** Available data follows **

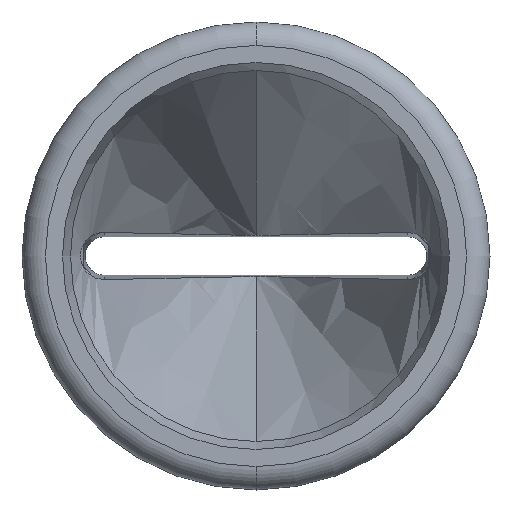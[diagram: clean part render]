
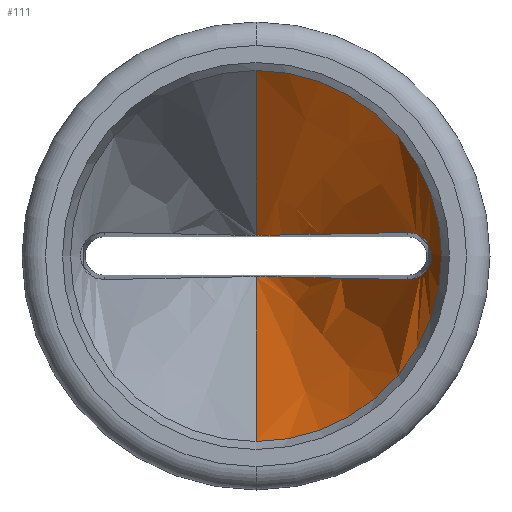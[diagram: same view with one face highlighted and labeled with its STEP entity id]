
A CAD part, front view. The second image highlights one B-rep face of the part: STEP entity #111.
In plain terms, the highlighted conical face has half-angle 22 degrees and reference radius 9.856 mm.
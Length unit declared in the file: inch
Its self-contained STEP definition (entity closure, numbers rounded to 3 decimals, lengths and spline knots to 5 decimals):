
#95 = EDGE_CURVE ( 'NONE', #127, #130, #546, .T. ) ;
#99 = ORIENTED_EDGE ( 'NONE', *, *, #95, .T. ) ;
#100 = ORIENTED_EDGE ( 'NONE', *, *, #118, .T. ) ;
#108 = ORIENTED_EDGE ( 'NONE', *, *, #176, .F. ) ;
#109 = VERTEX_POINT ( 'NONE', #584 ) ;
#110 = ORIENTED_EDGE ( 'NONE', *, *, #116, .F. ) ;
#111 = ADVANCED_FACE ( 'NONE', ( #583 ), #581, .F. ) ;
#112 = EDGE_LOOP ( 'NONE', ( #113, #110, #115, #108, #100, #99 ) ) ;
#113 = ORIENTED_EDGE ( 'NONE', *, *, #129, .F. ) ;
#114 = EDGE_CURVE ( 'NONE', #117, #109, #641, .T. ) ;
#115 = ORIENTED_EDGE ( 'NONE', *, *, #114, .T. ) ;
#116 = EDGE_CURVE ( 'NONE', #117, #132, #609, .T. ) ;
#117 = VERTEX_POINT ( 'NONE', #632 ) ;
#118 = EDGE_CURVE ( 'NONE', #119, #127, #636, .T. ) ;
#119 = VERTEX_POINT ( 'NONE', #661 ) ;
#127 = VERTEX_POINT ( 'NONE', #683 ) ;
#129 = EDGE_CURVE ( 'NONE', #132, #130, #678, .T. ) ;
#130 = VERTEX_POINT ( 'NONE', #712 ) ;
#132 = VERTEX_POINT ( 'NONE', #711 ) ;
#176 = EDGE_CURVE ( 'NONE', #119, #109, #871, .T. ) ;
#543 = DIRECTION ( 'NONE',  ( 0., -1., 0. ) ) ;
#544 = CARTESIAN_POINT ( 'NONE',  ( 0., 0.29578, 0. ) ) ;
#545 = AXIS2_PLACEMENT_3D ( 'NONE', #544, #543, #6964 ) ;
#546 = CIRCLE ( 'NONE', #545, 0.38803 ) ;
#578 = DIRECTION ( 'NONE',  ( 0., 0., -1. ) ) ;
#579 = DIRECTION ( 'NONE',  ( 0., -1., 0. ) ) ;
#580 = AXIS2_PLACEMENT_3D ( 'NONE', #582, #579, #578 ) ;
#581 = CONICAL_SURFACE ( 'NONE', #580, 0.38803, 0.384 ) ;
#582 = CARTESIAN_POINT ( 'NONE',  ( 0., 0.29578, 0. ) ) ;
#583 = FACE_OUTER_BOUND ( 'NONE', #112, .T. ) ;
#584 = CARTESIAN_POINT ( 'NONE',  ( 0.31682, 0.46255, -0.0494 ) ) ;
#609 = B_SPLINE_CURVE_WITH_KNOTS ( 'NONE', 3,
 ( #677, #676, #675, #674, #673, #672, #671, #670, #669, #668, #667, #666, #665, #664, #663, #662 ),
 .UNSPECIFIED., .F., .F.,
 ( 4, 2, 2, 2, 2, 2, 2, 4 ),
 ( 0., 0.00968, 0.01452, 0.01694, 0.01814, 0.01875, 0.01905, 0.01935 ),
 .UNSPECIFIED. ) ;
#610 = CARTESIAN_POINT ( 'NONE',  ( 0.31682, 0.46255, -0.0494 ) ) ;
#611 = CARTESIAN_POINT ( 'NONE',  ( 0.32138, 0.45136, -0.0495 ) ) ;
#612 = CARTESIAN_POINT ( 'NONE',  ( 0.32603, 0.44019, -0.04898 ) ) ;
#613 = CARTESIAN_POINT ( 'NONE',  ( 0.33538, 0.41819, -0.04646 ) ) ;
#614 = CARTESIAN_POINT ( 'NONE',  ( 0.34008, 0.40733, -0.04449 ) ) ;
#615 = CARTESIAN_POINT ( 'NONE',  ( 0.34714, 0.39134, -0.03989 ) ) ;
#616 = CARTESIAN_POINT ( 'NONE',  ( 0.34951, 0.38603, -0.03806 ) ) ;
#617 = CARTESIAN_POINT ( 'NONE',  ( 0.35413, 0.37575, -0.03368 ) ) ;
#618 = CARTESIAN_POINT ( 'NONE',  ( 0.35639, 0.37077, -0.03113 ) ) ;
#619 = CARTESIAN_POINT ( 'NONE',  ( 0.3607, 0.36135, -0.02486 ) ) ;
#620 = CARTESIAN_POINT ( 'NONE',  ( 0.36275, 0.35689, -0.02115 ) ) ;
#621 = CARTESIAN_POINT ( 'NONE',  ( 0.36605, 0.34977, -0.0118 ) ) ;
#622 = CARTESIAN_POINT ( 'NONE',  ( 0.36725, 0.34722, -0.00602 ) ) ;
#623 = CARTESIAN_POINT ( 'NONE',  ( 0.36721, 0.3473, 0.00631 ) ) ;
#624 = CARTESIAN_POINT ( 'NONE',  ( 0.36599, 0.3499, 0.01205 ) ) ;
#625 = CARTESIAN_POINT ( 'NONE',  ( 0.36266, 0.35709, 0.02134 ) ) ;
#626 = CARTESIAN_POINT ( 'NONE',  ( 0.36063, 0.3615, 0.02498 ) ) ;
#627 = CARTESIAN_POINT ( 'NONE',  ( 0.35629, 0.37098, 0.03125 ) ) ;
#628 = CARTESIAN_POINT ( 'NONE',  ( 0.35404, 0.37595, 0.03377 ) ) ;
#629 = CARTESIAN_POINT ( 'NONE',  ( 0.34944, 0.38617, 0.03812 ) ) ;
#630 = CARTESIAN_POINT ( 'NONE',  ( 0.3471, 0.39143, 0.03992 ) ) ;
#631 = CARTESIAN_POINT ( 'NONE',  ( 0.34, 0.40751, 0.04453 ) ) ;
#632 = CARTESIAN_POINT ( 'NONE',  ( 0.31682, 0.46255, 0.0494 ) ) ;
#633 = DIRECTION ( 'NONE',  ( 0., -0.927, -0.375 ) ) ;
#634 = VECTOR ( 'NONE', #633, 39.37008 ) ;
#635 = CARTESIAN_POINT ( 'NONE',  ( 0., 0.29578, -0.38803 ) ) ;
#636 = LINE ( 'NONE', #635, #634 ) ;
#637 = CARTESIAN_POINT ( 'NONE',  ( 0.3353, 0.41837, 0.04648 ) ) ;
#638 = CARTESIAN_POINT ( 'NONE',  ( 0.32598, 0.4403, 0.04898 ) ) ;
#639 = CARTESIAN_POINT ( 'NONE',  ( 0.32137, 0.45138, 0.0495 ) ) ;
#640 = CARTESIAN_POINT ( 'NONE',  ( 0.31682, 0.46255, 0.0494 ) ) ;
#641 = B_SPLINE_CURVE_WITH_KNOTS ( 'NONE', 3,
 ( #640, #639, #638, #637, #631, #630, #629, #628, #627, #626, #625, #624, #623, #622, #621, #620, #619, #618, #617, #616, #615, #614, #613, #612, #611, #610 ),
 .UNSPECIFIED., .F., .F.,
 ( 4, 2, 2, 2, 2, 2, 2, 2, 2, 2, 2, 2, 4 ),
 ( 0., 0.00091, 0.00183, 0.00228, 0.00274, 0.0032, 0.00365, 0.00411, 0.00457, 0.00502, 0.00548, 0.00639, 0.0073 ),
 .UNSPECIFIED. ) ;
#661 = CARTESIAN_POINT ( 'NONE',  ( 0., 1.14872, -0.04342 ) ) ;
#662 = CARTESIAN_POINT ( 'NONE',  ( 0., 1.14872, 0.04342 ) ) ;
#663 = CARTESIAN_POINT ( 'NONE',  ( 0.00401, 1.14872, 0.04342 ) ) ;
#664 = CARTESIAN_POINT ( 'NONE',  ( 0.00785, 1.14725, 0.04343 ) ) ;
#665 = CARTESIAN_POINT ( 'NONE',  ( 0.0146, 1.14298, 0.04347 ) ) ;
#666 = CARTESIAN_POINT ( 'NONE',  ( 0.01755, 1.14026, 0.04349 ) ) ;
#667 = CARTESIAN_POINT ( 'NONE',  ( 0.02568, 1.1316, 0.04357 ) ) ;
#668 = CARTESIAN_POINT ( 'NONE',  ( 0.03026, 1.12503, 0.04362 ) ) ;
#669 = CARTESIAN_POINT ( 'NONE',  ( 0.04309, 1.105, 0.0438 ) ) ;
#670 = CARTESIAN_POINT ( 'NONE',  ( 0.05048, 1.0909, 0.04392 ) ) ;
#671 = CARTESIAN_POINT ( 'NONE',  ( 0.07186, 1.04831, 0.04429 ) ) ;
#672 = CARTESIAN_POINT ( 'NONE',  ( 0.08485, 1.01934, 0.04455 ) ) ;
#673 = CARTESIAN_POINT ( 'NONE',  ( 0.12324, 0.93219, 0.04531 ) ) ;
#674 = CARTESIAN_POINT ( 'NONE',  ( 0.14774, 0.8736, 0.04582 ) ) ;
#675 = CARTESIAN_POINT ( 'NONE',  ( 0.22091, 0.69773, 0.04735 ) ) ;
#676 = CARTESIAN_POINT ( 'NONE',  ( 0.26889, 0.58015, 0.04838 ) ) ;
#677 = CARTESIAN_POINT ( 'NONE',  ( 0.31682, 0.46255, 0.0494 ) ) ;
#678 = LINE ( 'NONE', #715, #714 ) ;
#683 = CARTESIAN_POINT ( 'NONE',  ( 0., 0.29578, -0.38803 ) ) ;
#711 = CARTESIAN_POINT ( 'NONE',  ( 0., 1.14872, 0.04342 ) ) ;
#712 = CARTESIAN_POINT ( 'NONE',  ( 0., 0.29578, 0.38803 ) ) ;
#713 = DIRECTION ( 'NONE',  ( 0., -0.927, 0.375 ) ) ;
#714 = VECTOR ( 'NONE', #713, 39.37008 ) ;
#715 = CARTESIAN_POINT ( 'NONE',  ( 0., 0.29578, 0.38803 ) ) ;
#869 = CARTESIAN_POINT ( 'NONE',  ( 0., 1.14872, -0.04342 ) ) ;
#871 = B_SPLINE_CURVE_WITH_KNOTS ( 'NONE', 3,
 ( #869, #934, #933, #932, #931, #930, #929, #928, #927, #926, #925, #924, #923, #922, #921, #920 ),
 .UNSPECIFIED., .F., .F.,
 ( 4, 2, 2, 2, 2, 2, 2, 4 ),
 ( 0.01935, 0.01966, 0.01996, 0.02057, 0.02179, 0.02423, 0.0291, 0.03885 ),
 .UNSPECIFIED. ) ;
#920 = CARTESIAN_POINT ( 'NONE',  ( 0.31682, 0.46255, -0.0494 ) ) ;
#921 = CARTESIAN_POINT ( 'NONE',  ( 0.26891, 0.58012, -0.04838 ) ) ;
#922 = CARTESIAN_POINT ( 'NONE',  ( 0.22094, 0.69766, -0.04735 ) ) ;
#923 = CARTESIAN_POINT ( 'NONE',  ( 0.1478, 0.87347, -0.04582 ) ) ;
#924 = CARTESIAN_POINT ( 'NONE',  ( 0.1233, 0.93203, -0.04531 ) ) ;
#925 = CARTESIAN_POINT ( 'NONE',  ( 0.08492, 1.01918, -0.04455 ) ) ;
#926 = CARTESIAN_POINT ( 'NONE',  ( 0.07192, 1.04816, -0.04429 ) ) ;
#927 = CARTESIAN_POINT ( 'NONE',  ( 0.05059, 1.09068, -0.04392 ) ) ;
#928 = CARTESIAN_POINT ( 'NONE',  ( 0.04324, 1.10473, -0.0438 ) ) ;
#929 = CARTESIAN_POINT ( 'NONE',  ( 0.03039, 1.12485, -0.04362 ) ) ;
#930 = CARTESIAN_POINT ( 'NONE',  ( 0.02581, 1.13143, -0.04357 ) ) ;
#931 = CARTESIAN_POINT ( 'NONE',  ( 0.01768, 1.14014, -0.04349 ) ) ;
#932 = CARTESIAN_POINT ( 'NONE',  ( 0.01469, 1.1429, -0.04347 ) ) ;
#933 = CARTESIAN_POINT ( 'NONE',  ( 0.00795, 1.1472, -0.04343 ) ) ;
#934 = CARTESIAN_POINT ( 'NONE',  ( 0.00404, 1.14872, -0.04342 ) ) ;
#6964 = DIRECTION ( 'NONE',  ( 0., 0., -1. ) ) ;

** End of Available data **

Task instructions: Extract the lines of the preceding material that run from the line with "#923 = CARTESIAN_POINT" through the line with "#926 = CARTESIAN_POINT", inclusive, reproducing them exactly and adding nothing.

Output below:
#923 = CARTESIAN_POINT ( 'NONE',  ( 0.1478, 0.87347, -0.04582 ) ) ;
#924 = CARTESIAN_POINT ( 'NONE',  ( 0.1233, 0.93203, -0.04531 ) ) ;
#925 = CARTESIAN_POINT ( 'NONE',  ( 0.08492, 1.01918, -0.04455 ) ) ;
#926 = CARTESIAN_POINT ( 'NONE',  ( 0.07192, 1.04816, -0.04429 ) ) ;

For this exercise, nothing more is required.